• **Required action**
Your output should be the entries below, from the first line up to and including the line with "siren, weil dieß", reproduced exactly and with no other lines.

• **Available data**
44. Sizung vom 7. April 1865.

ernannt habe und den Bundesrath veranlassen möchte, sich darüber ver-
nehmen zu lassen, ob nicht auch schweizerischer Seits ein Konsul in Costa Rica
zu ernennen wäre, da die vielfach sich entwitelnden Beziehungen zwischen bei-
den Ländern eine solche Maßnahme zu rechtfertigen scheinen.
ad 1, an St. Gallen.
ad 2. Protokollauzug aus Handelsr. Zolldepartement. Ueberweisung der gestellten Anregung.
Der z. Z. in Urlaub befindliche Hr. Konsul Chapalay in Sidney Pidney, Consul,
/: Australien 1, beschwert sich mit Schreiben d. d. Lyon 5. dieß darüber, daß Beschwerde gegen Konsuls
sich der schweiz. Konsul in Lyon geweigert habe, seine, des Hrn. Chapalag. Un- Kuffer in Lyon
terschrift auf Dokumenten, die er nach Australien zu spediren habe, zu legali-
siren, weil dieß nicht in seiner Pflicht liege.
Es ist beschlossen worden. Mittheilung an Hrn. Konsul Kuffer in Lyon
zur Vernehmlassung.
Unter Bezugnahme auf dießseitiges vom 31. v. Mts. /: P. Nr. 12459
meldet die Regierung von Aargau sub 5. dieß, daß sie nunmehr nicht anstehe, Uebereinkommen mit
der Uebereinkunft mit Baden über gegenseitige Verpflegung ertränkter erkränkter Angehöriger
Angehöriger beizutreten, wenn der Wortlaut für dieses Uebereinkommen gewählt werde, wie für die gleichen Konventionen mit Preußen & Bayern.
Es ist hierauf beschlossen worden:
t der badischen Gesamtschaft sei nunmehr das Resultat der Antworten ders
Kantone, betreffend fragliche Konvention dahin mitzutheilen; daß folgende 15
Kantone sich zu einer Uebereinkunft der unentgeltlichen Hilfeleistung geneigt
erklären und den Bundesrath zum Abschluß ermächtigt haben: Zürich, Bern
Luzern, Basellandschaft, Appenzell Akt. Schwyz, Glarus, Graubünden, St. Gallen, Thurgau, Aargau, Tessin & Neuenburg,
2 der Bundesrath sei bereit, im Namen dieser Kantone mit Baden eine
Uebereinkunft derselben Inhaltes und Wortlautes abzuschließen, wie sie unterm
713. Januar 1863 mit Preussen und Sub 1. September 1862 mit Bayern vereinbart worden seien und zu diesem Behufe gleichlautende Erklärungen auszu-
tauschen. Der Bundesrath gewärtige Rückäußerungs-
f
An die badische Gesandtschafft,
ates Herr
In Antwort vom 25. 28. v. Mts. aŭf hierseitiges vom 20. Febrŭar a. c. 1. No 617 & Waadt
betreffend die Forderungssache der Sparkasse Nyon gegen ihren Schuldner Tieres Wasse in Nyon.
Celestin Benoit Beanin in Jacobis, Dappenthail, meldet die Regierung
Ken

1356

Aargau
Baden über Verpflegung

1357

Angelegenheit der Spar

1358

• **Written response**
44. Sizung vom 7. April 1865.

ernannt habe und den Bundesrath veranlassen möchte, sich darüber ver-
nehmen zu lassen, ob nicht auch schweizerischer Seits ein Konsul in Costa Rica
zu ernennen wäre, da die vielfach sich entwitelnden Beziehungen zwischen bei-
den Ländern eine solche Maßnahme zu rechtfertigen scheinen.
ad 1, an St. Gallen.
ad 2. Protokollauzug aus Handelsr. Zolldepartement. Ueberweisung der gestellten Anregung.
Der z. Z. in Urlaub befindliche Hr. Konsul Chapalay in Sidney Pidney, Consul,
/: Australien 1, beschwert sich mit Schreiben d. d. Lyon 5. dieß darüber, daß Beschwerde gegen Konsuls
sich der schweiz. Konsul in Lyon geweigert habe, seine, des Hrn. Chapalag. Un- Kuffer in Lyon
terschrift auf Dokumenten, die er nach Australien zu spediren habe, zu legali-
siren, weil dieß nicht in seiner Pflicht liege.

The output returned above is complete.